A Free Educational Resource Created by Carnegie Mellon University to Empower You to Secure Your Part of Cyberspace

Personal Information and Job Search Sites

With the posting of resumes and personal profiles on job search sites, are job seekers putting their privacy at risk?

Author and researcher Pam Dixon  revealed serious privacy issues impacting job seekers during a year-long study in 2003. In some cases, resumes held by one company were sold to other Web sites, and as a result passed along any personal information those job seekers may have stored. In November 2002, HotResumes.com sold 4,941 resumes to Biotechcareers.com for about $0.33 each.

To protect personal information from being circulated unknowingly, job seekers who join job search Web sites need to check the privacy policy. A Web site must strictly adhere to its privacy policy, so be sure it specifically requires that members be informed if their information is passed to third parties.

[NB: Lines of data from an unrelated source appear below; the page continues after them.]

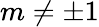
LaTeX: m\neq\pm 1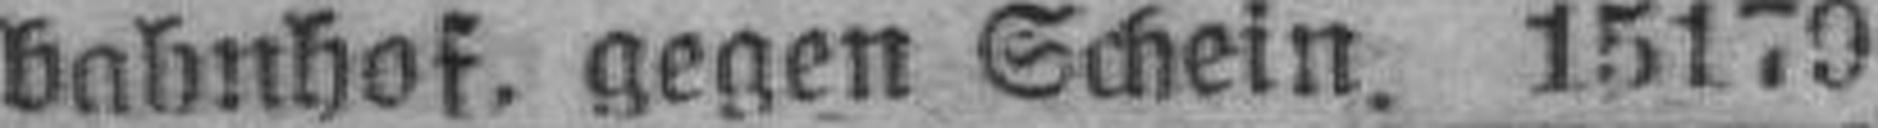
bahnhof, gegen Schein. 15179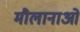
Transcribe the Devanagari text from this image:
मौलानाओ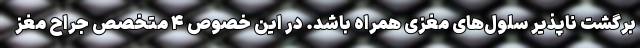
برگشت ناپذیر سلول‌های مغزی همراه باشد. در این خصوص ۴ متخصص جراح مغز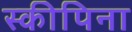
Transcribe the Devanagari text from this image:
स्कीपिना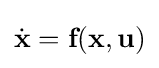
{\dot {\textbf {x}}}={\textbf {f}}({\textbf {x}},{\textbf {u}})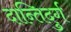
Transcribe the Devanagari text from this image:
दान्तिदुर्ग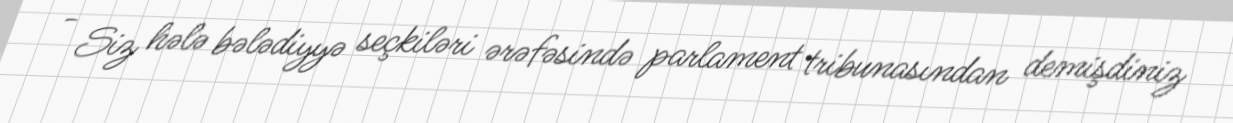
- Siz hələ bələdiyyə seçkiləri ərəfəsində parlament tribunasından demişdiniz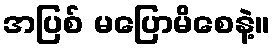
အပြစ် မပြောမိစေနဲ့။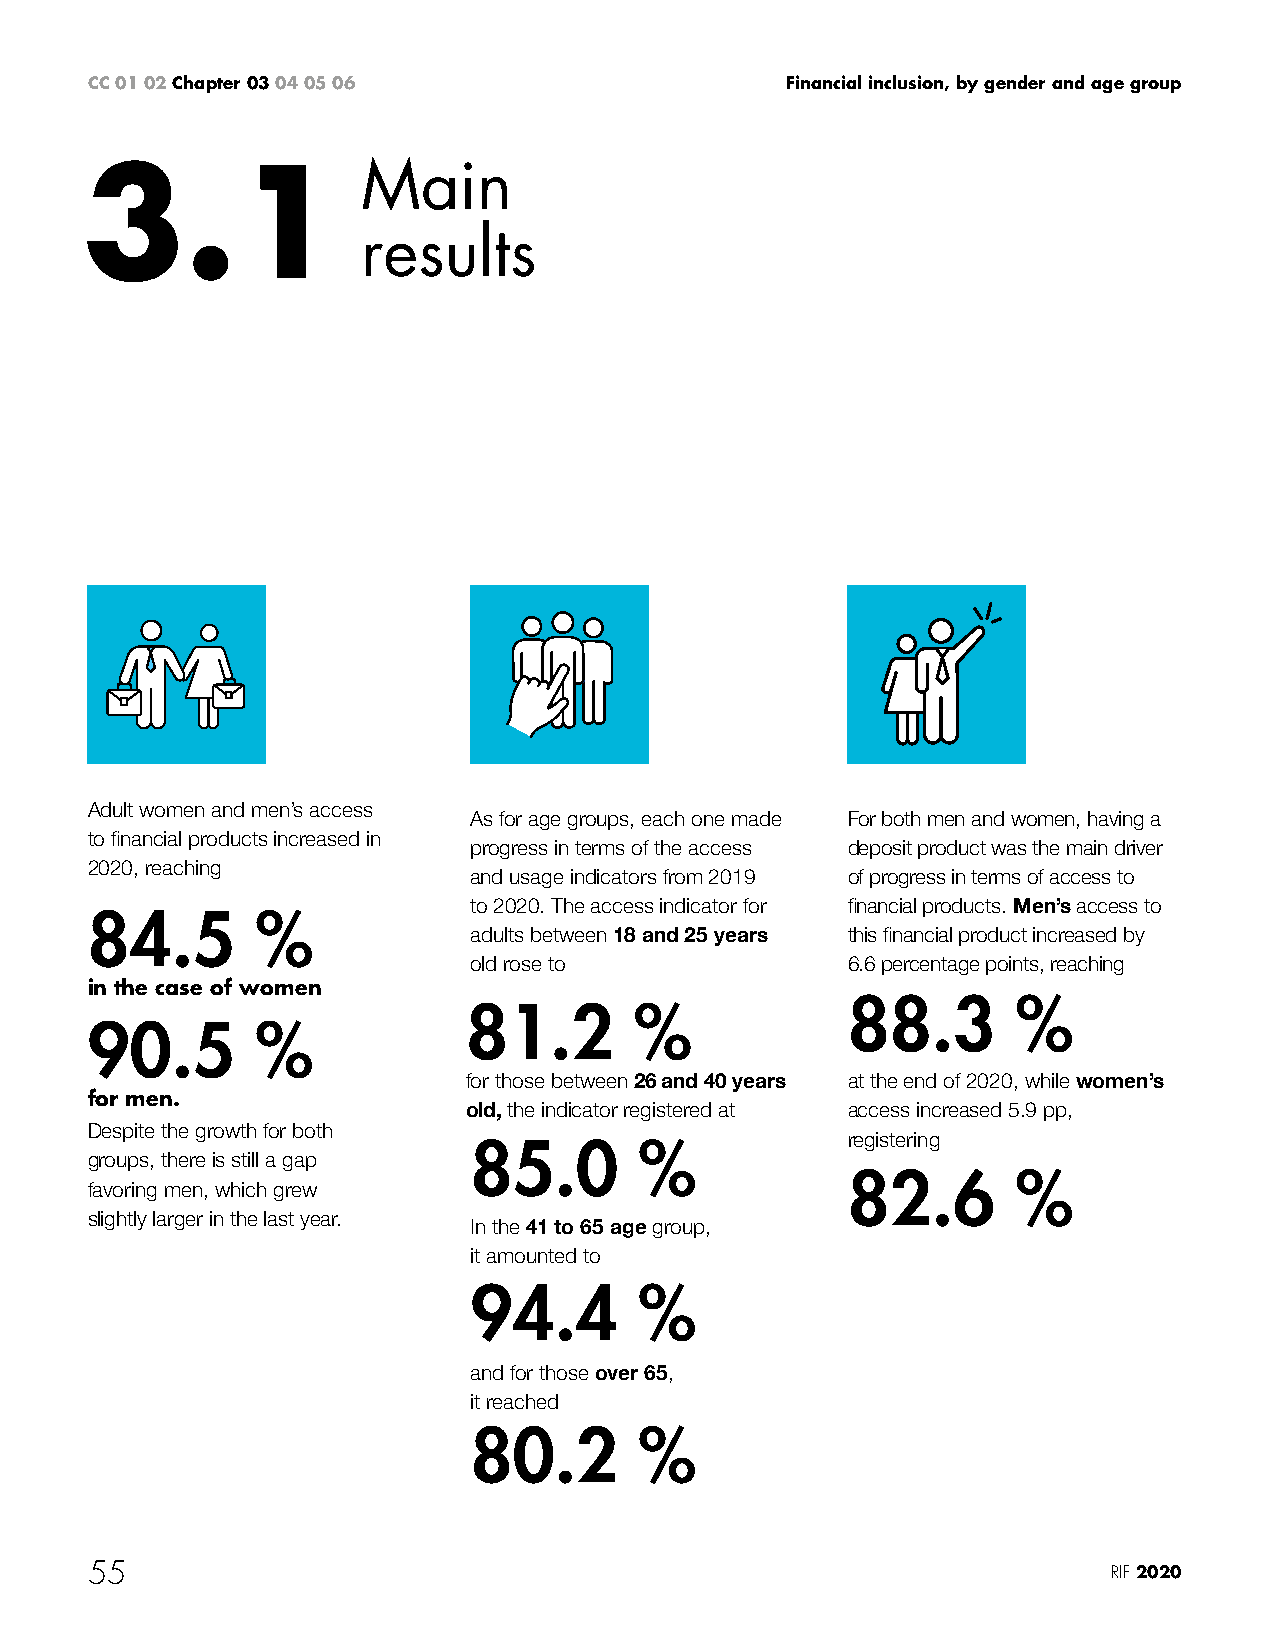
CC 01 02 Chapter 03 04 05 06                  Financial inclusion, by gender and age group
 3.1                Main
 results
 Adult women and men’s access
 As for age groups, each one made For both men and women, having a
 to financial products increased in
 progress in terms of the access deposit product was the main driver
 2020, reaching
 and usage indicators from 2019 of progress in terms of access to
 to 2020. The access indicator for financial products. Men’s access to
 84.5       %
 adults between 18 and 25 years this financial product increased by
 old rose to              6.6 percentage points, reaching
 in the case of women
 88.3       %
 81.2       %
 90.5       %
 for those between 26 and 40 years at the end of 2020, while women’s
 for men.
 old, the indicator registered at access increased 5.9 pp,
 Despite the growth for both
 registering
 85.0       %
 groups, there is still a gap
 82.6       %
 favoring men, which grew
 slightly larger in the last year.
 In the 41 to 65 age group,
 it amounted to
 94.4       %
 and for those over 65,
 it reached
 80.2       %
 55                                                                  RIF 2020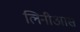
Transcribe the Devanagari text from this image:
लिनीआस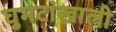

Online job searches became widely used with the growing popularity of the Internet. In 2000, over 48 percent of Internet users had researched jobs online. By July 2002, the number of online job seekers had increased more than 60 percent, to 52 million Americans (Pew Internet and American Life Project ).

Perhaps more job seekers turn to the Internet because it proves helpful for quickly finding employment. Trends show that employers look for job candidates online, sometimes with unusual tactics. According to Wired News , the Central Intelligence Agency uses Facebook.com, a social networking site for college students, to advertise itself to job seekers. Other agencies and companies can be found recruiting on Facebook.com and similar sites, as well. But, job seekers beware. In February 2005, Money Magazine reported various ways employers have fired staff members over personal information and opinions they posted on the Internet. (See "Have a Blog, Lose your Job ".)

Job seekers should take the following precautions to protect their privacy online:

  • Never put your Social Security Number (SSN) on the resume. Sharing your SNN puts you at risk of identity theft. Employers do not need your SSN until they employ you. Particularly, be cautious of job applications that require you to give your SSN or transfer money. These "job opportunities" are ploys to dupe job seekers for easy money.
  • Avoid a job search site without a privacy policy. The privacy policy serves as legal protection. If a privacy policy doesn't exist, avoid using the Web site. For an example of privacy policy statement, view Job-Hunt.org .
  • Read the privacy policy. Before submitting a resume on a Web site, go through the privacy policy to determine how your information will be handled. Pay particular attention to how the Web site plans to use and store your resume. Make sure third parties cannot receive your information without your consent. Look for when and how the resume gets deleted. Some Web sites are legally allowed to keep resumes forever unless the user deletes it, which could cause problems if a user forgets. Finally, if you start receiving unsolicited emails from potential employers, inform the Web site to take action.
  • Keep good online profiles. Whether you are creating a profile on a social networking site, blog or job search site, always present yourself well. You never know when an employer or potential employer may seek out information about you. Also, don't reveal too much identification data that may put your privacy at risk.

A little bit of care while doing a job search can help you avoid unnecessary trouble.